4) Go to the Marks card. Select the first Sum(Sales) shelf and change the mark type from automatic to "bar". Adjust the size of the bar. The lollipop chart is ready!
5) To make it more data oriented when being visualized, we can add the Sub-Category and the Sales to the text in the second Sum(sales) shelf on the Marks card. The Axis on the right side of the previous image can be removed by right clicking on the axis and deselecting "show header".
Donut Chart: A Donut Chart is a type of visualization that is similar to pie chart, with the centre of teh chart hollowed out to create a donut shape. We are going to see how to create a donut chart for Region vs. Sales
Link to dataset - https://www.kaggle.com/datasets/sheilastephen/sample-superstore-dataset
Steps:
1) To create a donut chart, first a pie chart should be created. First go to the Marks shelf and select the type to be "Pie". Drag and drop "Region" into the color in the Marks shelf. Drag and drop "Sales" into the angle in the Marks shelf.

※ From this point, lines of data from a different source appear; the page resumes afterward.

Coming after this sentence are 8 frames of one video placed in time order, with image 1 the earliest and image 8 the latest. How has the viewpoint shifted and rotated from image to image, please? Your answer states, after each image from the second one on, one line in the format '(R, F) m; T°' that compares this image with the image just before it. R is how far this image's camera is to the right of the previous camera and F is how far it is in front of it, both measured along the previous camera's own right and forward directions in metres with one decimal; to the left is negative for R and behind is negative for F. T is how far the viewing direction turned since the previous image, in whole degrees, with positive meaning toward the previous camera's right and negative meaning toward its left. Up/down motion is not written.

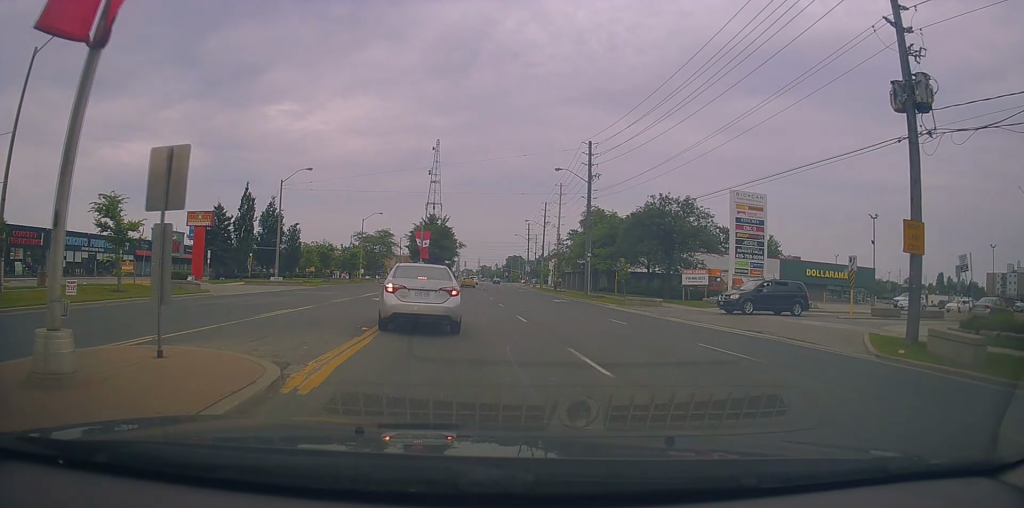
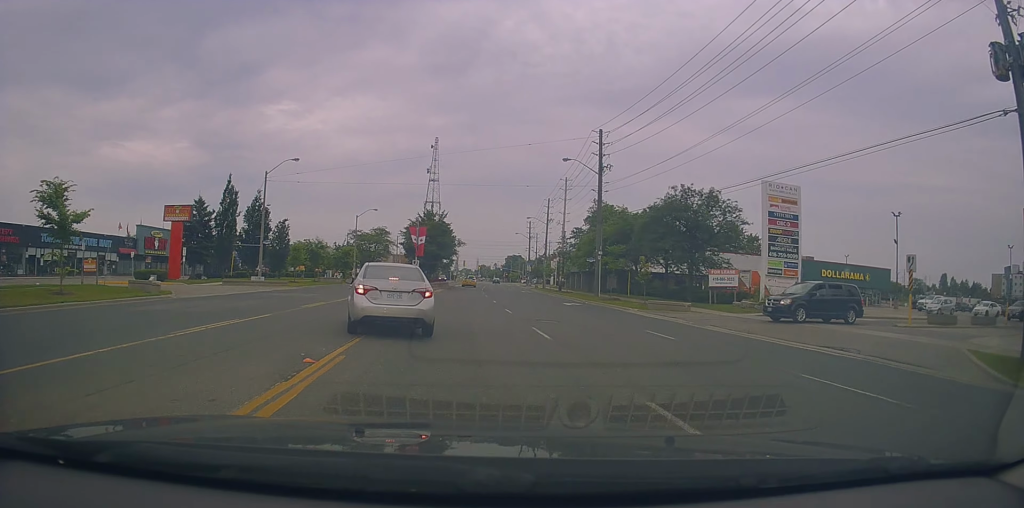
(0.0, +4.8) m; 0°
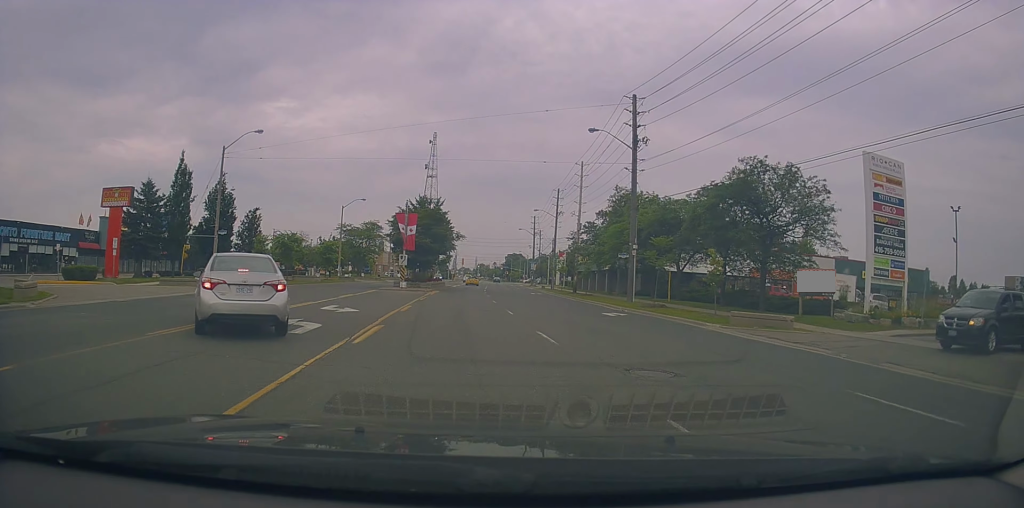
(0.0, +10.6) m; +2°
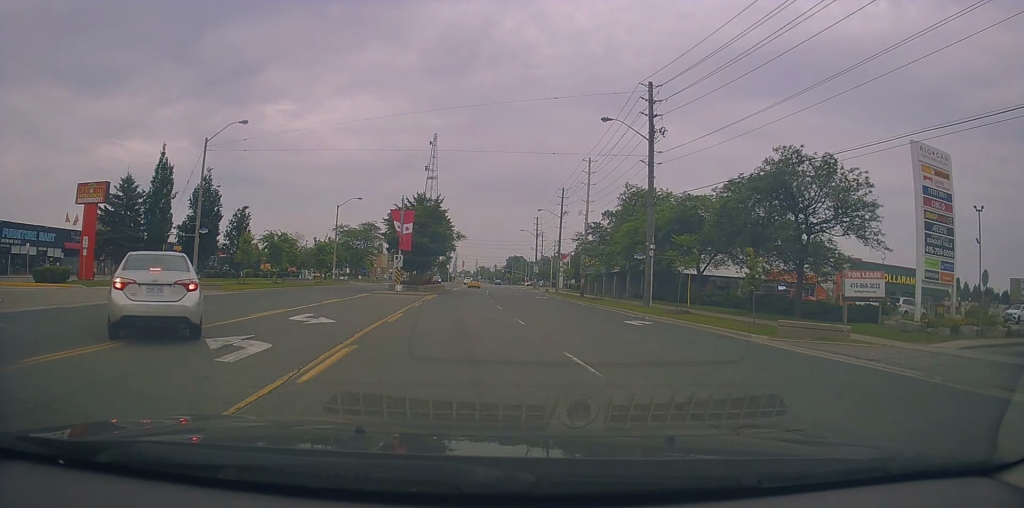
(-0.1, +3.6) m; +1°
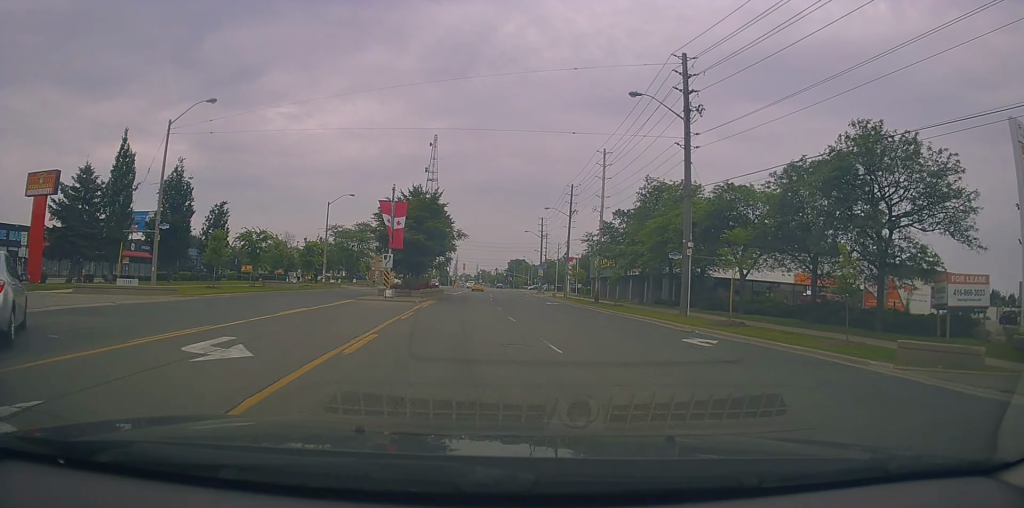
(+0.3, +5.8) m; -2°
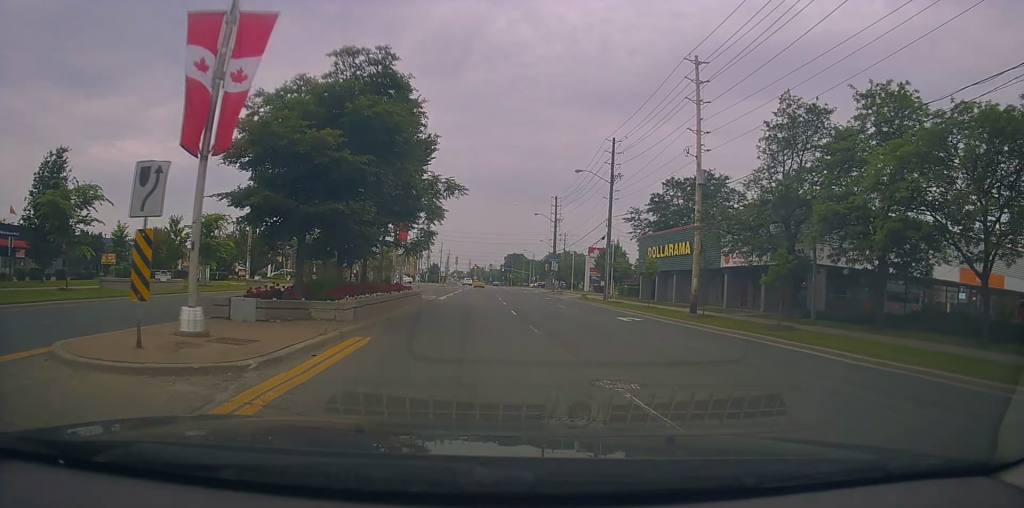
(+0.1, +21.7) m; +4°
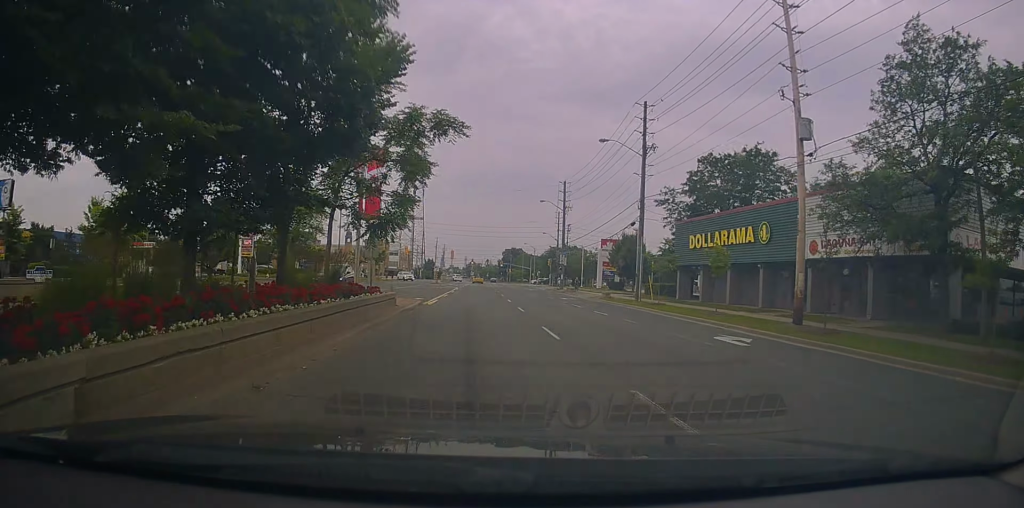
(0.0, +9.9) m; -2°
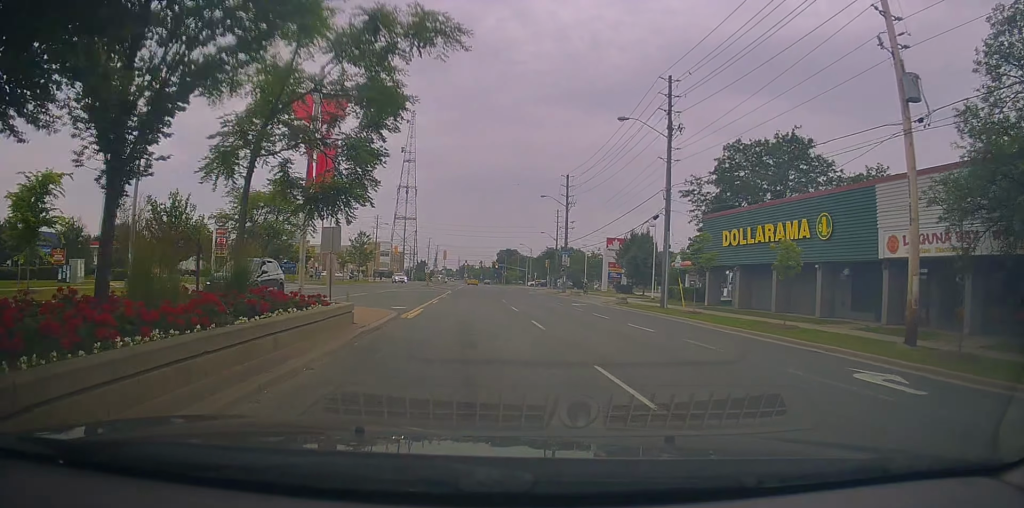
(-0.2, +6.2) m; 0°

2) Click on the drop down next to the angle of Sum(sales) -> quick table calculation -> Percent of total. Click the text symbol on the top ribbon, which will make the percentage to get displayed for each section. To have decimal rounded on the display, click the drop down on the sum(sales) on the angle on the Marks shelf -> Format -> Pane(On the left side of the screen) -> Numbers -> percentage -> change to 0. Drag and drop the Region in the Label section in the Marks shelf.
3) In the rows shelf Avg(0). Also add Avg(0) again. We are doing this step to create a dual axis, which is needed for creating a donut chart.
4) In the marks card, go to the second AGG(Avg(0)) and remove everything in there. Change the color of the resulting circle to white.
5) Right click on the AGG(avg(0)) on the rows shelf and click"dual axis". Donut Chart is here!
Key Differences between the Butterfly Chart, Lollipop Chart and Donut Chart:
Feature | Butterfly Chart | Lollipop Chart | Donut Chart |
Chart Type | Horizontal Bar Chart (Side-by-side representation) | Bar Chart with circular Mark at the end of the bar. | Circular chart with a hole at the centre. Similar to pie chart. |
Best Used for | Comparing 2 related data. | Used for Ranking and comparison of a single category. | Used for show casing percentages and proportions. |
Limitations | Complex for large datasets. Too many categories may cause the chart to look over crowded and not readable. | Might be difficult to use for Large data sets. | Might be difficult to be used for large datasets. Might not give crisp details when used for Large datasets. |
Conclusion:
Tableau provides a vast varieties of chart types. While Traditional bar, line and pie charts are all used in common, experimenting charts like Butterfly, Lollipop and Donut can bring new dimensions to the story telling based on the data. By understanding the pros and cons of each chart, you can determine which chart will work great giving an effective visualization for the specific use case.